தைராய்டு கோளாறுகள் மற்றும் சிகிச்சை இதழ்

தைராய்டு கோளாறுகள் மற்றும் சிகிச்சை இதழ்
திறந்த அணுகல்

ஐ.எஸ்.எஸ்.என்: 2167-7948

சுருக்கம்

Impact of Report Recommendation on Follow-up Ultrasound Studies in the Work-Up of Incidental Thyroid Nodules

Dennis Wulfeck*, Jay Bronner, Thomas Jay Crawford, Madison Kocher, Kit Simpson

The workup of Incidental Thyroid Nodules (ITNs) is costly for both patient and the associated health care system, and there have been no studies to date demonstrating the value of building a best practice model for ITN evaluation. The purpose of the study is to evaluate the impact of adding the following statement to a Computed Tomography (CT) report when an ITN has been discovered: “No further follow up is indicated for the ITN”. A tertiary multicentre clinical decision analysis study was performed where the primary outcome measured was the adherence to the best practice of including the statement when indicated.
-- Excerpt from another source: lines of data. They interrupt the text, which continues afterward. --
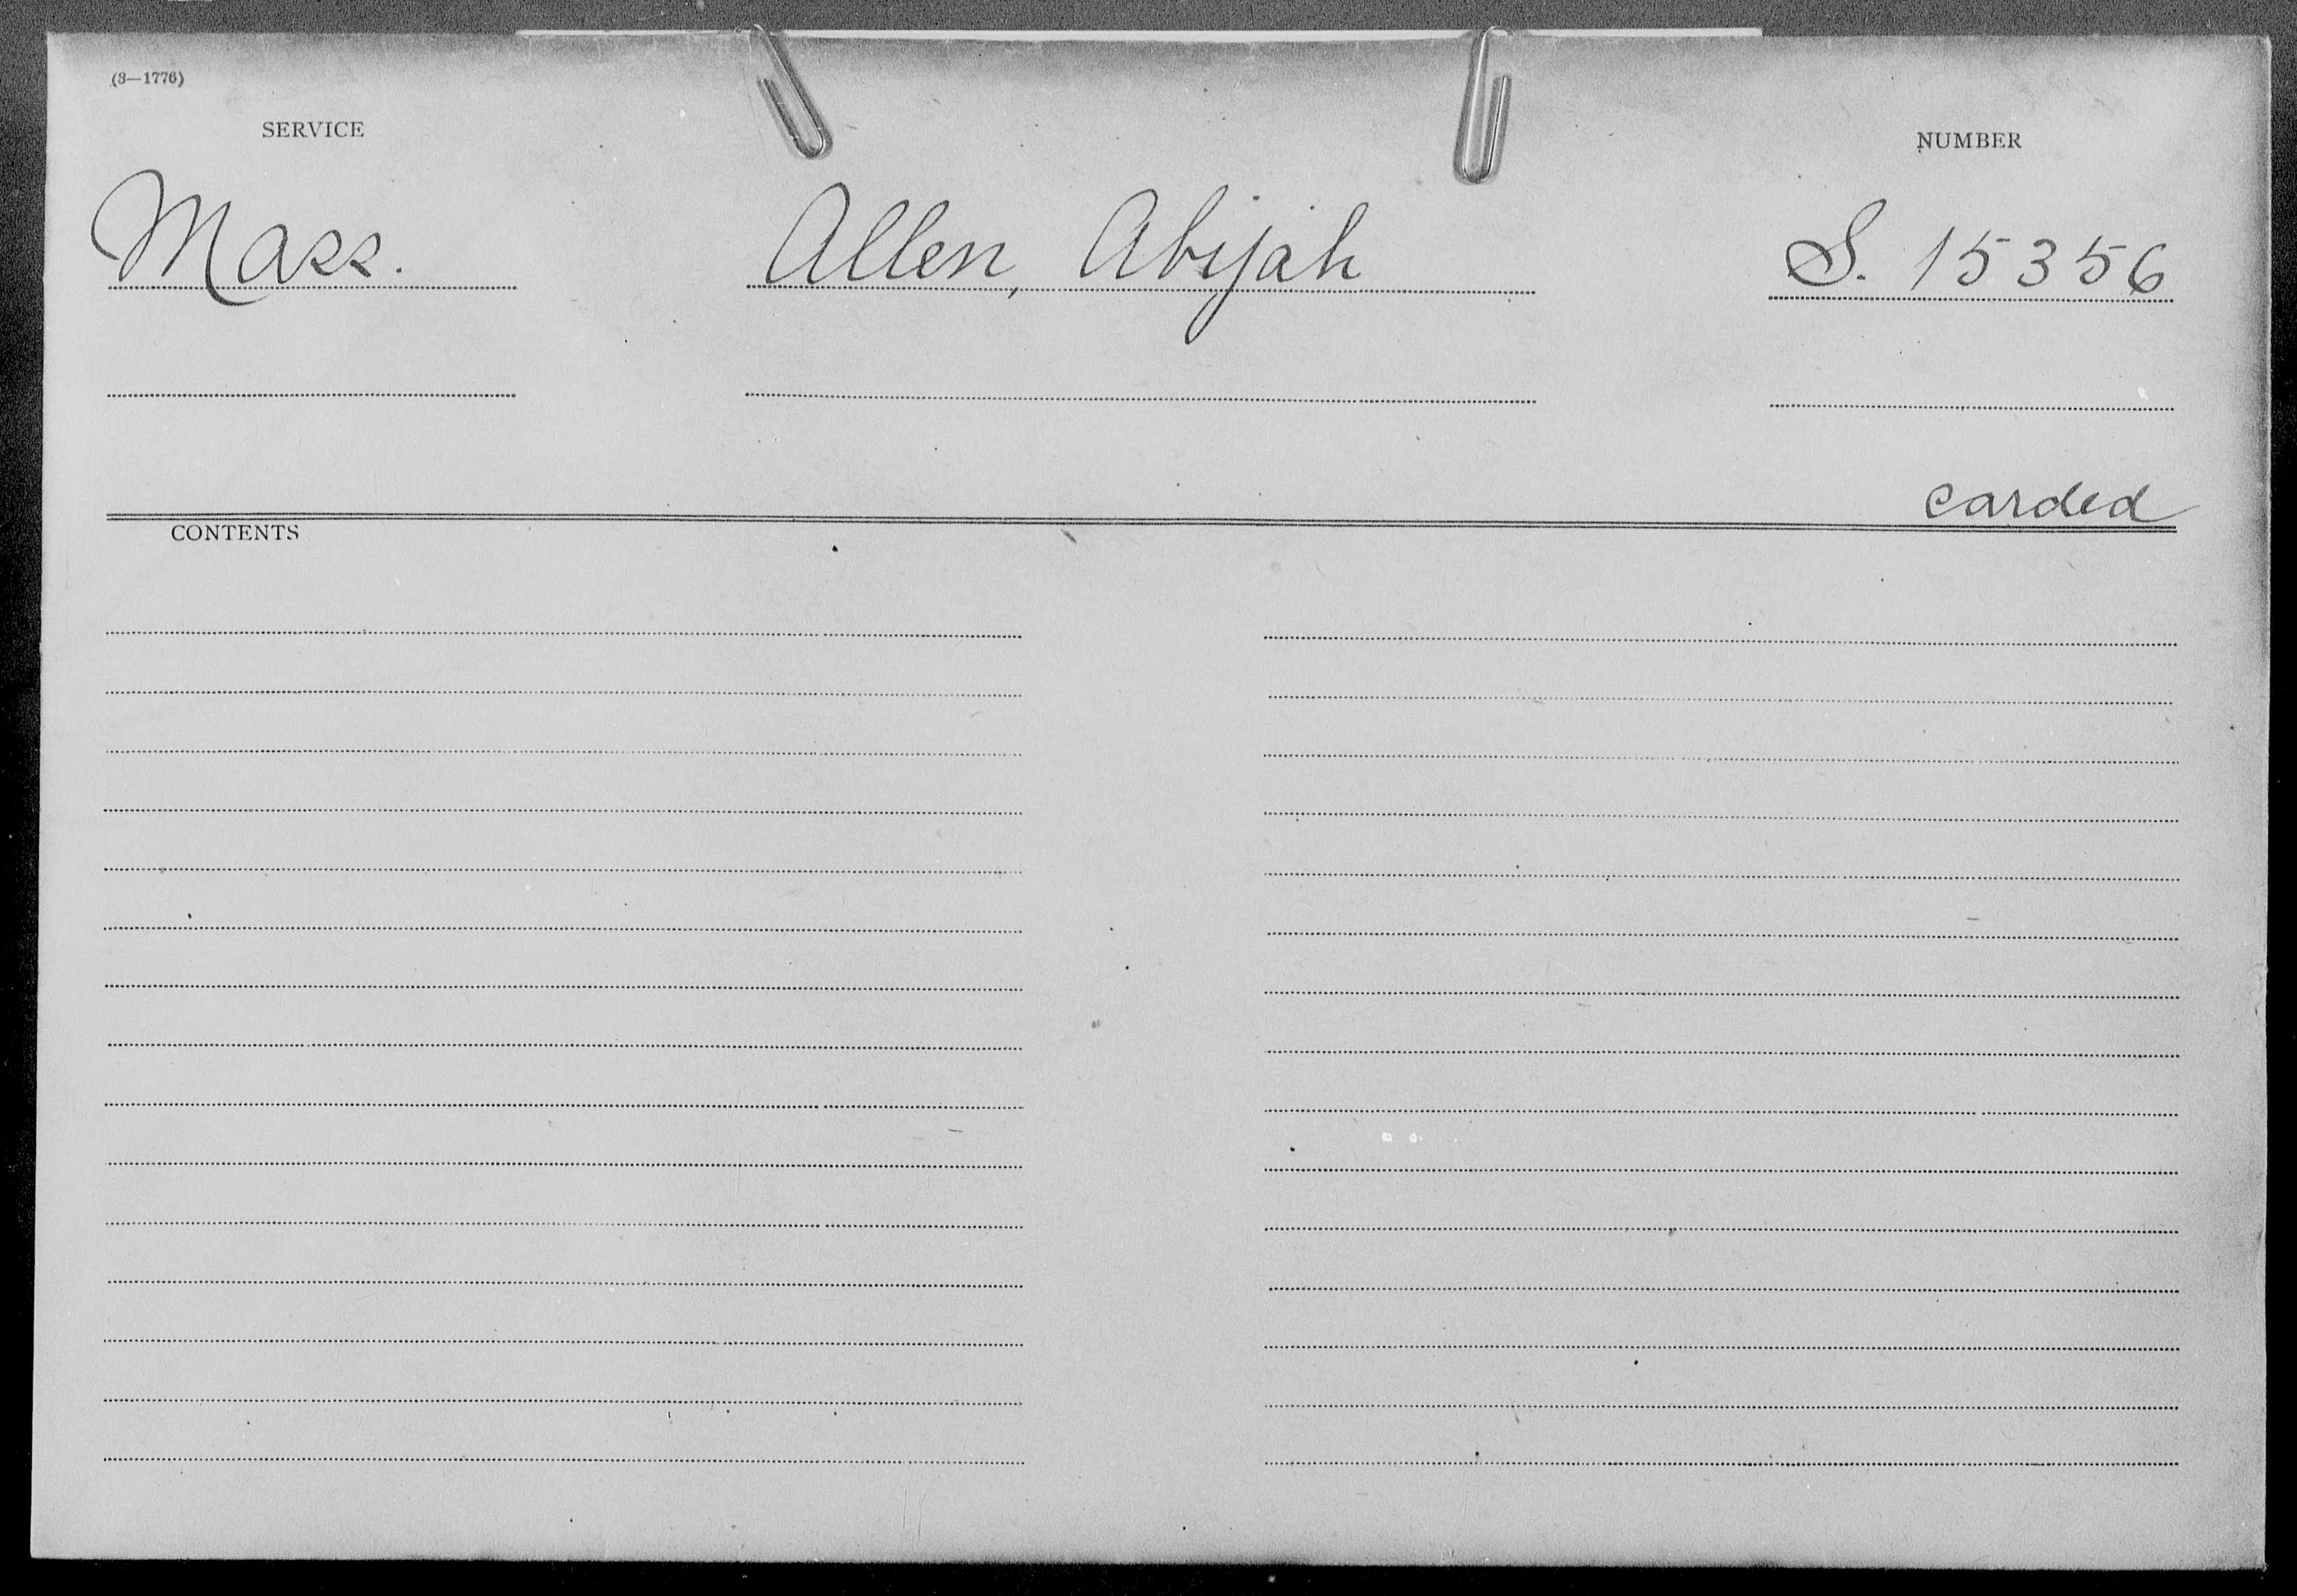(3-1776)
SERVICE 
Mass. 
Allen, Abijah
NUMBER
S. 15356
carded

CONTENTS

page: 1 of 21
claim: survivor's
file: S. 15356, Abijah Allen, Mass.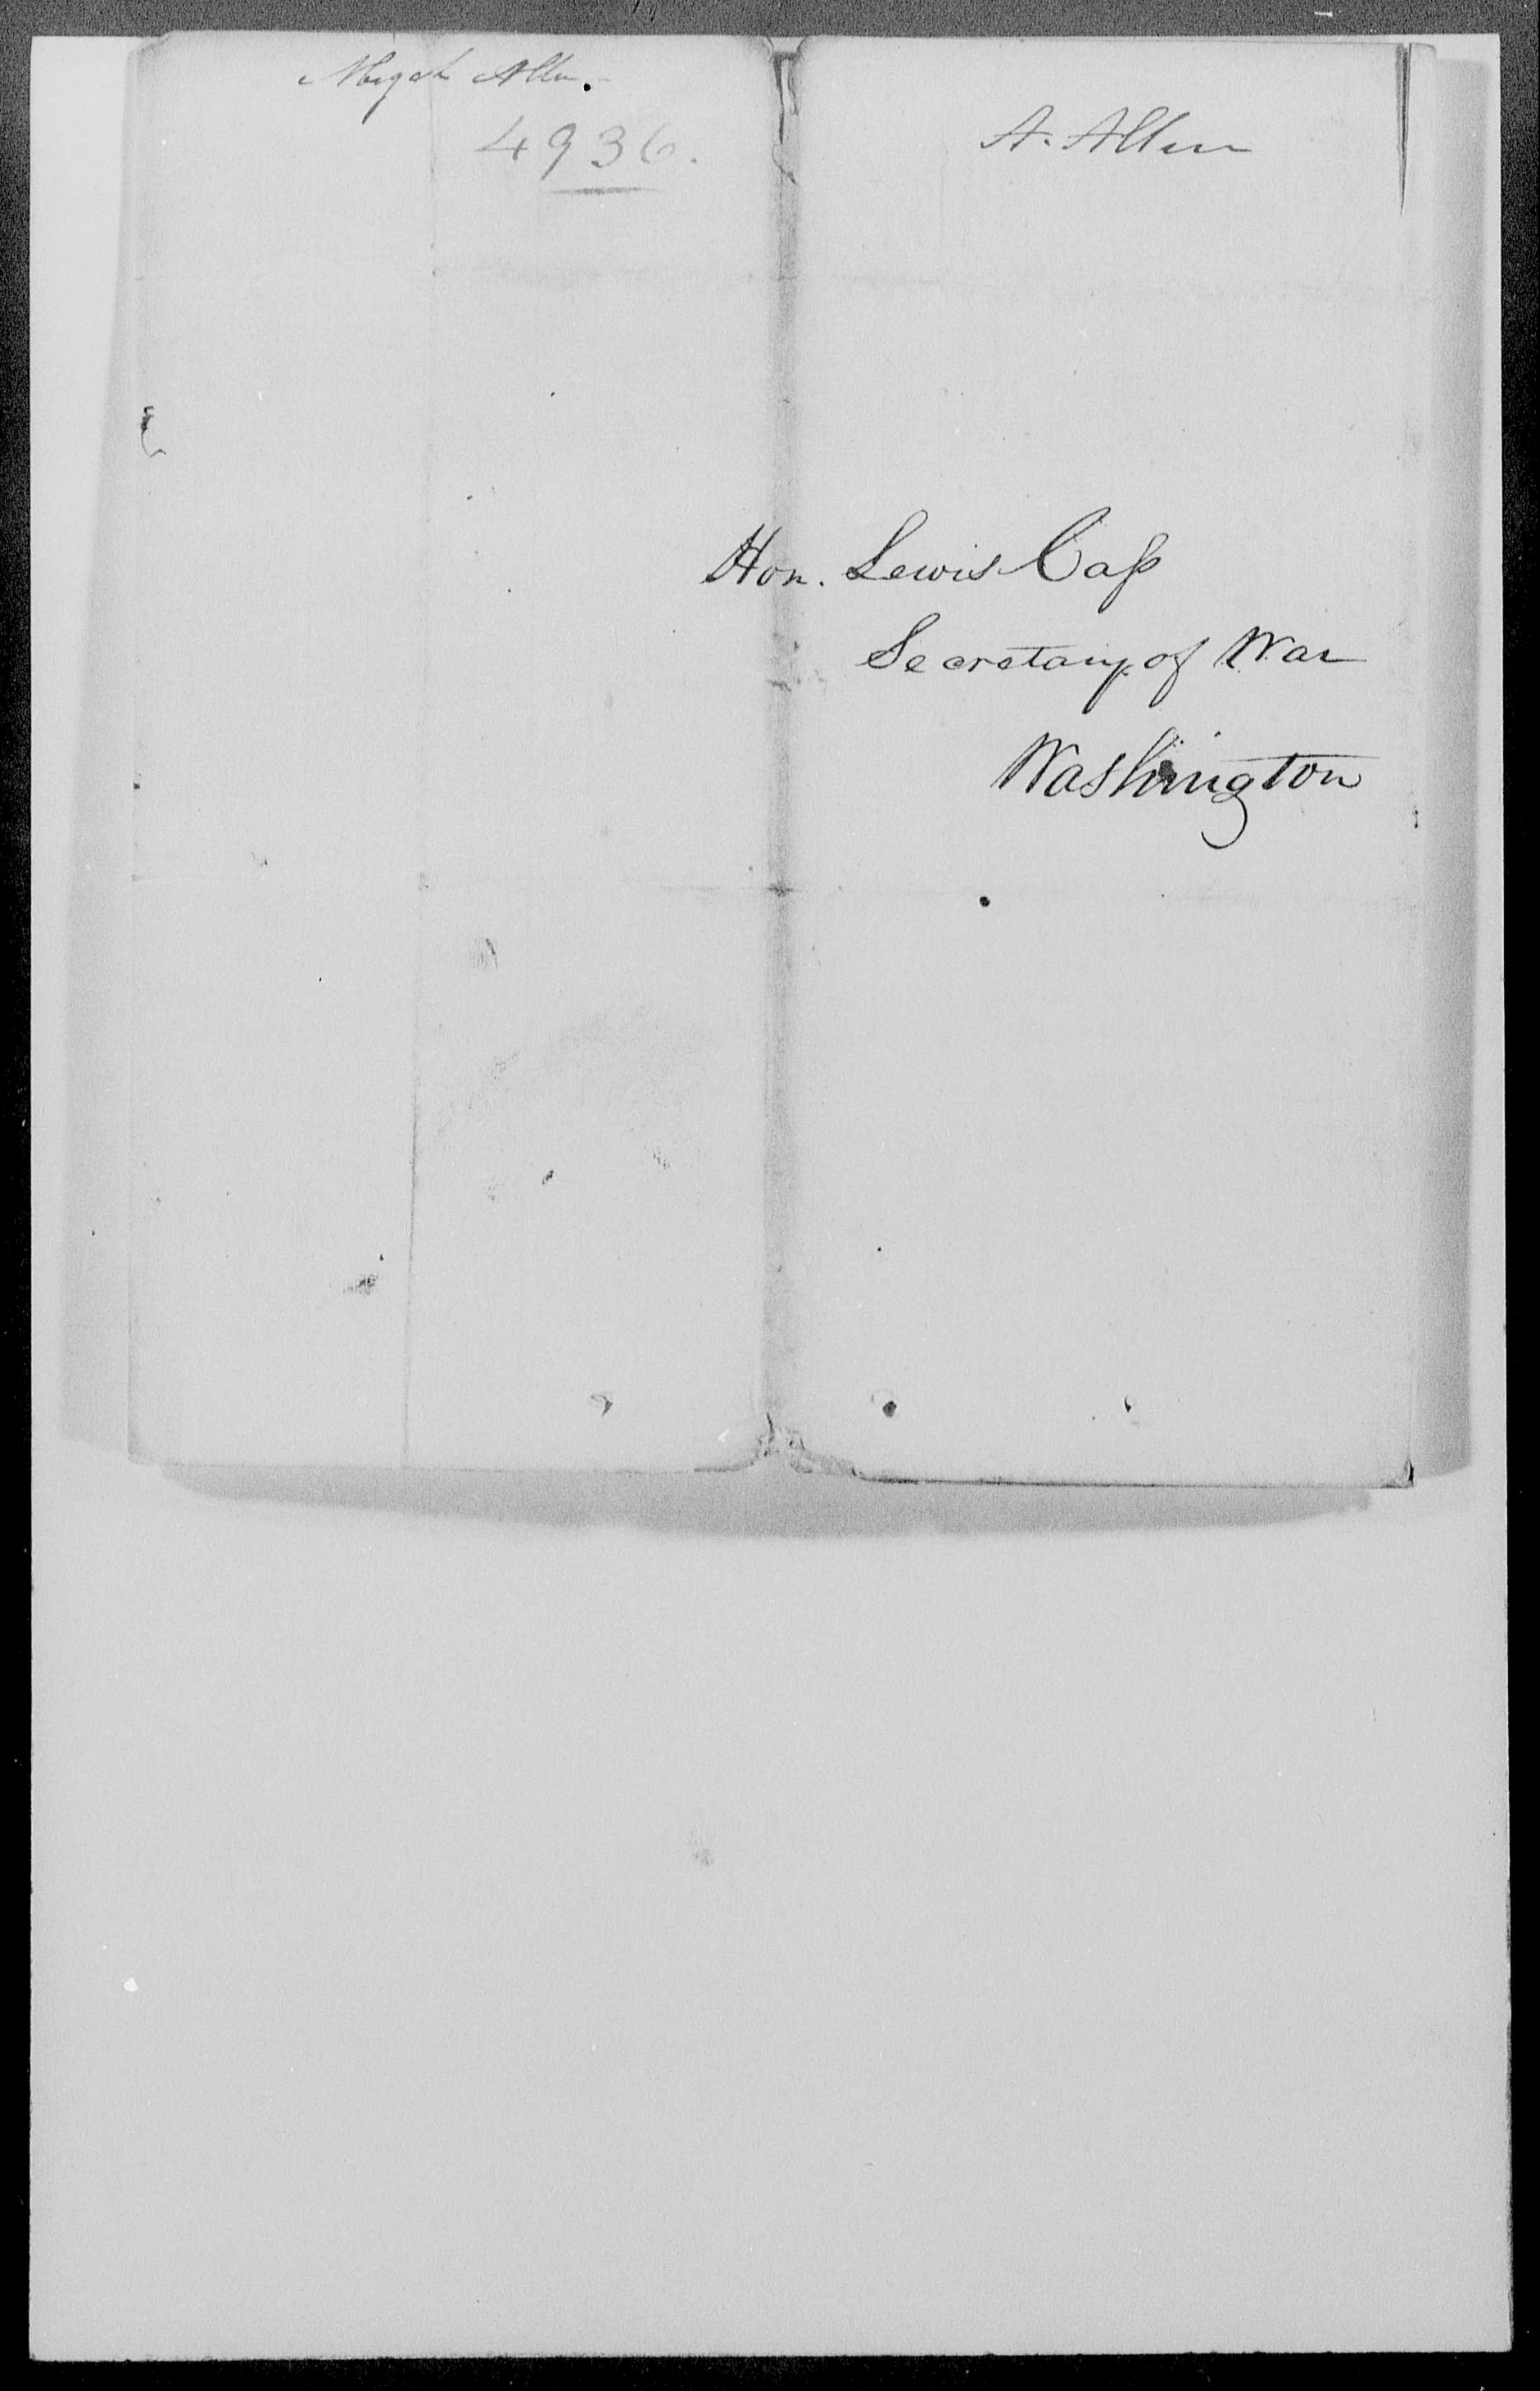Abijah Allen 
4936. 
A. Allen 

Hon. Lewis Cap 
Secretary of War
Washington

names: A Allen, Abijah Allen, Lewis
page: 16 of 21
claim: survivor's
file: S. 15356, Abijah Allen, Mass.

Data was collected from eight radiology practices for a preintervention six-month period from February to July 2015 including 1936 CT scans, and a post-intervention period from July to December 2015 including 2121 CT scans. Nodules were reported according to best practice 30.81% during the pre-intervention period, and 84.35% during the post-intervention period. Using a clinical decision analysis tree and previous Medicare data, there was a predicted cost savings of approximately $23,057,208. At the same time, an estimated 7,592 negative fine needle aspirations were avoided and 750 additional thyroid cancers were estimated to be detected. Significant cost control and universal health benefit can be achieved if referring physicians adhere to the best practice of not following-up ITNs that meet criteria.